ATA welcomes hair testing requirements in Senate-passed opioid bill

With the strong support of the American Trucking Associations, the US Senate, on September 17, passed comprehensive legislation aimed at combating the nation’s opioid crisis.

Notably, the bill, which cleared the Senate with overwhelming bipartisan approval, includes provisions on hair testing which ATA has long advocated for and worked closely with Senate Commerce Committee staff to secure in the legislation.

The bill would direct the Substance Abuse and Mental Health Services Administration to report to Congress on its progress issuing guidelines for hair testing. Upon enactment, the Secretary of Health and Human Services would be required within 30 days to report to the Commerce Committee on the status for hair testing guidelines, the reasons for delay in issuing guidelines, and a schedule--complete with benchmarks and an estimated date of delivery--for completion of the guidelines.

The bill also contains reporting requirements on the development of the Drug and Alcohol Clearinghouse and a deadline for completing work on oral fluids testing.

“We thank Senator Thune and his staff for their continued persistence and commitment on this issue of hair testing,” said Bill Sullivan, ATA’s executive vice-president of advocacy. “Our fleets need to depend on--and need the government to recognize--the most accurate, reliable and failsafe drug testing methods available. The time has come to get this done.”

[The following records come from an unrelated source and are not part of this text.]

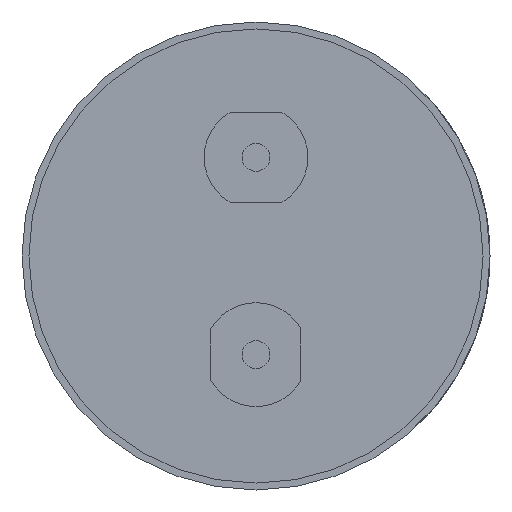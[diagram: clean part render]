
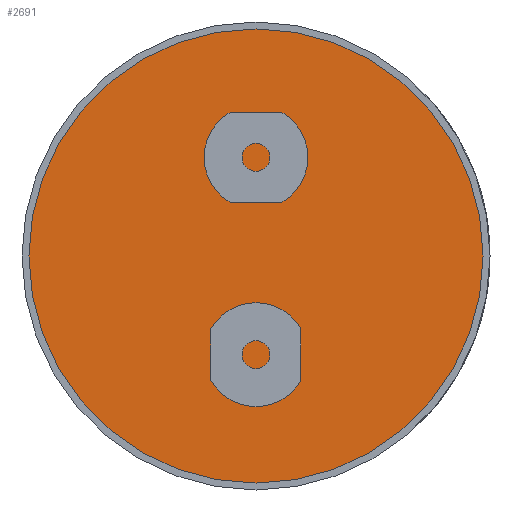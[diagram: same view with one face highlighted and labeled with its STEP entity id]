
A CAD part, front view. The second image highlights one B-rep face of the part: STEP entity #2691.
In plain terms, the highlighted planar face has unit normal (0, -1, 0).
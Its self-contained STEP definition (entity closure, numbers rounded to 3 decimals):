
#140 = VERTEX_POINT ( 'NONE', #2133 ) ;
#493 = ORIENTED_EDGE ( 'NONE', *, *, #1226, .T. ) ;
#632 = DIRECTION ( 'NONE',  ( 0., -1., 0. ) ) ;
#928 = DIRECTION ( 'NONE',  ( 0., -1., 0. ) ) ;
#1165 = CARTESIAN_POINT ( 'NONE',  ( 0., 3.2, 32.8 ) ) ;
#1226 = EDGE_CURVE ( 'NONE', #140, #5159, #2012, .T. ) ;
#1550 = AXIS2_PLACEMENT_3D ( 'NONE', #3997, #1880, #3530 ) ;
#1563 = FACE_OUTER_BOUND ( 'NONE', #2926, .T. ) ;
#1790 = PLANE ( 'NONE',  #2604 ) ;
#1880 = DIRECTION ( 'NONE',  ( 0., -1., 0. ) ) ;
#1964 = EDGE_CURVE ( 'NONE', #5159, #140, #4593, .T. ) ;
#2012 = CIRCLE ( 'NONE', #3751, 32.8 ) ;
#2133 = CARTESIAN_POINT ( 'NONE',  ( 0., 3.2, -32.8 ) ) ;
#2604 = AXIS2_PLACEMENT_3D ( 'NONE', #4029, #632, #3567 ) ;
#2691 = ADVANCED_FACE ( 'NONE', ( #1563 ), #1790, .T. ) ;
#2926 = EDGE_LOOP ( 'NONE', ( #493, #4837 ) ) ;
#3530 = DIRECTION ( 'NONE',  ( 0., 0., -1. ) ) ;
#3567 = DIRECTION ( 'NONE',  ( 0., 0., -1. ) ) ;
#3751 = AXIS2_PLACEMENT_3D ( 'NONE', #4263, #928, #4273 ) ;
#3997 = CARTESIAN_POINT ( 'NONE',  ( 0., 3.2, 0. ) ) ;
#4029 = CARTESIAN_POINT ( 'NONE',  ( 0., 3.2, 0. ) ) ;
#4263 = CARTESIAN_POINT ( 'NONE',  ( 0., 3.2, 0. ) ) ;
#4273 = DIRECTION ( 'NONE',  ( 0., 0., -1. ) ) ;
#4593 = CIRCLE ( 'NONE', #1550, 32.8 ) ;
#4837 = ORIENTED_EDGE ( 'NONE', *, *, #1964, .T. ) ;
#5159 = VERTEX_POINT ( 'NONE', #1165 ) ;
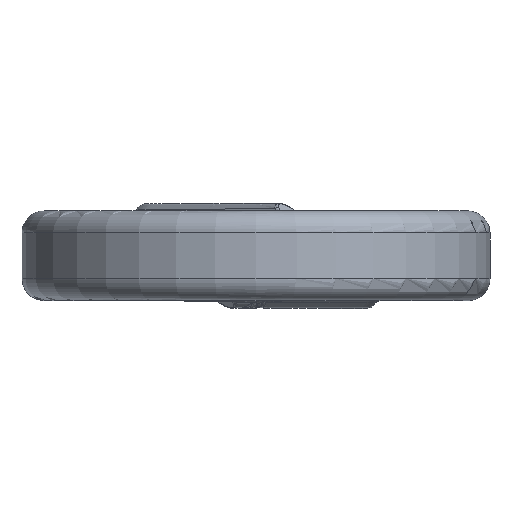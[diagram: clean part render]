
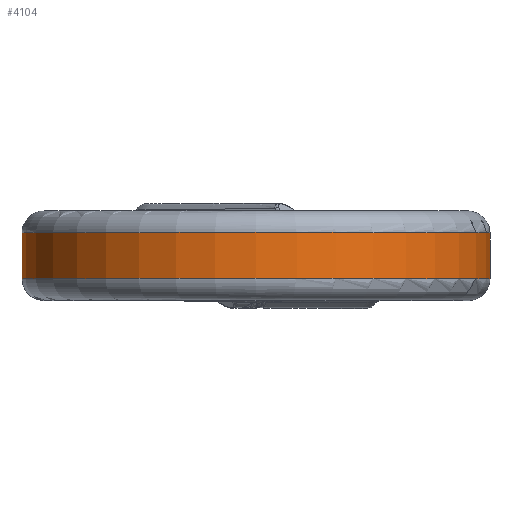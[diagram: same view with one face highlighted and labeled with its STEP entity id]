
A CAD part, top view. The second image highlights one B-rep face of the part: STEP entity #4104.
In plain terms, the highlighted cylindrical face has radius 10.7 mm (diameter 21.4 mm), a full revolution.
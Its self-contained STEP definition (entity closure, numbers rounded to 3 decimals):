
#37=CYLINDRICAL_SURFACE('',#4261,10.7);
#66=CIRCLE('',#4262,10.7);
#67=CIRCLE('',#4263,10.7);
#1140=ORIENTED_EDGE('',*,*,#1726,.T.);
#1141=ORIENTED_EDGE('',*,*,#1727,.T.);
#1726=EDGE_CURVE('',#2035,#2035,#66,.F.);
#1727=EDGE_CURVE('',#2036,#2036,#67,.T.);
#2035=VERTEX_POINT('',#9251);
#2036=VERTEX_POINT('',#9253);
#2466=EDGE_LOOP('',(#1140));
#2467=EDGE_LOOP('',(#1141));
#2665=FACE_BOUND('',#2466,.T.);
#2666=FACE_BOUND('',#2467,.T.);
#4104=ADVANCED_FACE('',(#2665,#2666),#37,.T.);
#4261=AXIS2_PLACEMENT_3D('',#9249,#4660,#4661);
#4262=AXIS2_PLACEMENT_3D('',#9250,#4662,#4663);
#4263=AXIS2_PLACEMENT_3D('',#9252,#4664,#4665);
#4660=DIRECTION('',(0.,1.,0.));
#4661=DIRECTION('',(0.,0.,1.));
#4662=DIRECTION('',(0.,1.,0.));
#4663=DIRECTION('',(0.,0.,1.));
#4664=DIRECTION('',(0.,1.,0.));
#4665=DIRECTION('',(0.,0.,1.));
#9249=CARTESIAN_POINT('',(0.,-2.05,0.));
#9250=CARTESIAN_POINT('',(0.,1.05,0.));
#9251=CARTESIAN_POINT('',(0.,1.05,10.7));
#9252=CARTESIAN_POINT('',(0.,-1.05,0.));
#9253=CARTESIAN_POINT('',(0.,-1.05,10.7));

Federal law requires trucking companies to drug test new drivers and randomly test existing drivers. Currently, SAMHSA only recognizes the test method of urinalysis, despite the inherent advantages of hair testing, which provides employers with a longer detection window, easier collection and results that are harder to adulterate. The FAST Act required HHS to issue scientific and technical guidelines for hair testing by December 4, 2016--a deadline which was ignored by the Obama Administration.

The Senate must now reconcile the bill it passed yesterday with a companion bill in the House of Representatives before it can be signed into law by the President.